2. "WARRANTS" means the Common Stock purchase warrants issued in
connection with the Securities Purchase Agreement, whether on the date hereof or
thereafter.REGISTRATION.
(a) On or prior to each Filing Date the Company shall prepare and
file with the Commission a Registration Statement covering the Registrable
Securities for a selling stockholder resale offering to be made on a
continuous basis pursuant to Rule 415. The Registration Statement shall be
on Form SB-2 or Form S-3 (except if the Company is not then eligible to
register for resale the Registrable Securities on such Forms, in which
case such registration shall be on another appropriate form in accordance
herewith). The Company shall cause the Registration Statement to become
effective and remain effective as provided herein. The Company shall use
its reasonable commercial efforts to cause each Registration Statement to
be declared effective under the Securities Act as promptly as possible
after the filing thereof, but in any event no later than the Effectiveness
Date. The Company shall use its reasonable commercial efforts to keep each
Registration Statement continuously effective under the Securities Act
until the date which is the earlier date of when (i) all Registrable
Securities covered by such Registration Statement have been sold, or (ii)
all Registrable Securities covered by such Registration Statement may be
sold immediately without registration under the Securities Act and without
volume restrictions pursuant to Rule 144(k), as determined by the counsel
to the Company pursuant to a written opinion letter to such effect,
addressed and acceptable to the Company's transfer agent and the affected
Holders or (iii) except with respect to the shares issuable upon the
exercise of the Options and the Warrants issued in connection with the
revolving credit facility, all amounts payable under the Note have been
paid in full (each, an "Effectiveness Period").

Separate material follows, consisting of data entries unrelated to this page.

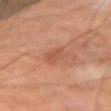Clinical impression: No biopsy was performed on this lesion — it was imaged during a full skin examination and was not determined to be concerning. Clinical summary: From the right upper arm. The subject is a male aged approximately 60. Approximately 3 mm at its widest. This image is a 15 mm lesion crop taken from a total-body photograph.
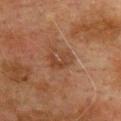<record>
  <biopsy_status>not biopsied; imaged during a skin examination</biopsy_status>
</record>
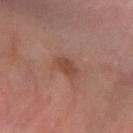Imaged during a routine full-body skin examination; the lesion was not biopsied and no histopathology is available. The lesion is on the right forearm. A male patient, roughly 60 years of age. A lesion tile, about 15 mm wide, cut from a 3D total-body photograph. Measured at roughly 3 mm in maximum diameter.
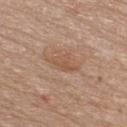Clinical impression: This lesion was catalogued during total-body skin photography and was not selected for biopsy. Background: Imaged with white-light lighting. Located on the chest. Cropped from a whole-body photographic skin survey; the tile spans about 15 mm. Automated tile analysis of the lesion measured an area of roughly 4.5 mm², an outline eccentricity of about 0.85 (0 = round, 1 = elongated), and a symmetry-axis asymmetry near 0.4. It also reported a mean CIELAB color near L≈53 a*≈20 b*≈31, about 7 CIELAB-L* units darker than the surrounding skin, and a normalized lesion–skin contrast near 6. It also reported a nevus-likeness score of about 0/100 and a lesion-detection confidence of about 100/100. A female subject approximately 35 years of age. Measured at roughly 3.5 mm in maximum diameter.
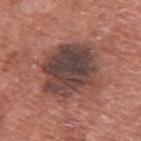Q: Was this lesion biopsied?
A: total-body-photography surveillance lesion; no biopsy
Q: What lighting was used for the tile?
A: white-light illumination
Q: How was this image acquired?
A: 15 mm crop, total-body photography
Q: What are the patient's age and sex?
A: male, approximately 75 years of age
Q: How large is the lesion?
A: about 7 mm
Q: What did automated image analysis measure?
A: a border-irregularity index near 2.5/10, a within-lesion color-variation index near 7/10, and peripheral color asymmetry of about 2; a lesion-detection confidence of about 100/100
Q: Lesion location?
A: the upper back
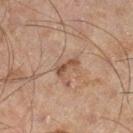This lesion was catalogued during total-body skin photography and was not selected for biopsy.
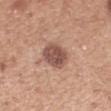Recorded during total-body skin imaging; not selected for excision or biopsy.
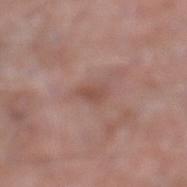Impression: Part of a total-body skin-imaging series; this lesion was reviewed on a skin check and was not flagged for biopsy. Clinical summary: Automated tile analysis of the lesion measured an area of roughly 3 mm² and a shape-asymmetry score of about 0.3 (0 = symmetric). And it measured a border-irregularity rating of about 3/10, a color-variation rating of about 1/10, and a peripheral color-asymmetry measure near 0.5. A male patient, aged around 75. The lesion is on the left lower leg. Captured under white-light illumination. The recorded lesion diameter is about 2.5 mm. Cropped from a total-body skin-imaging series; the visible field is about 15 mm.

(b) Within three business days of the Effectiveness Date, the
Company shall cause its counsel to issue a blanket opinion substantially
in the form attached hereto as Exhibit A, to the transfer agent stating
that the shares are subject to an effective registration statement and can
be reissued free of restrictive legend upon notice of a sale by the
Purchaser and confirmation by the Purchaser that it has complied with the
prospectus delivery requirements, provided that the Company or such
counsel has not advised the transfer agent orally or in writing that the
opinion has been withdrawn. Copies of the blanket opinion required by this
Section 2(b) shall be delivered to the Purchaser within the time frame set
forth above.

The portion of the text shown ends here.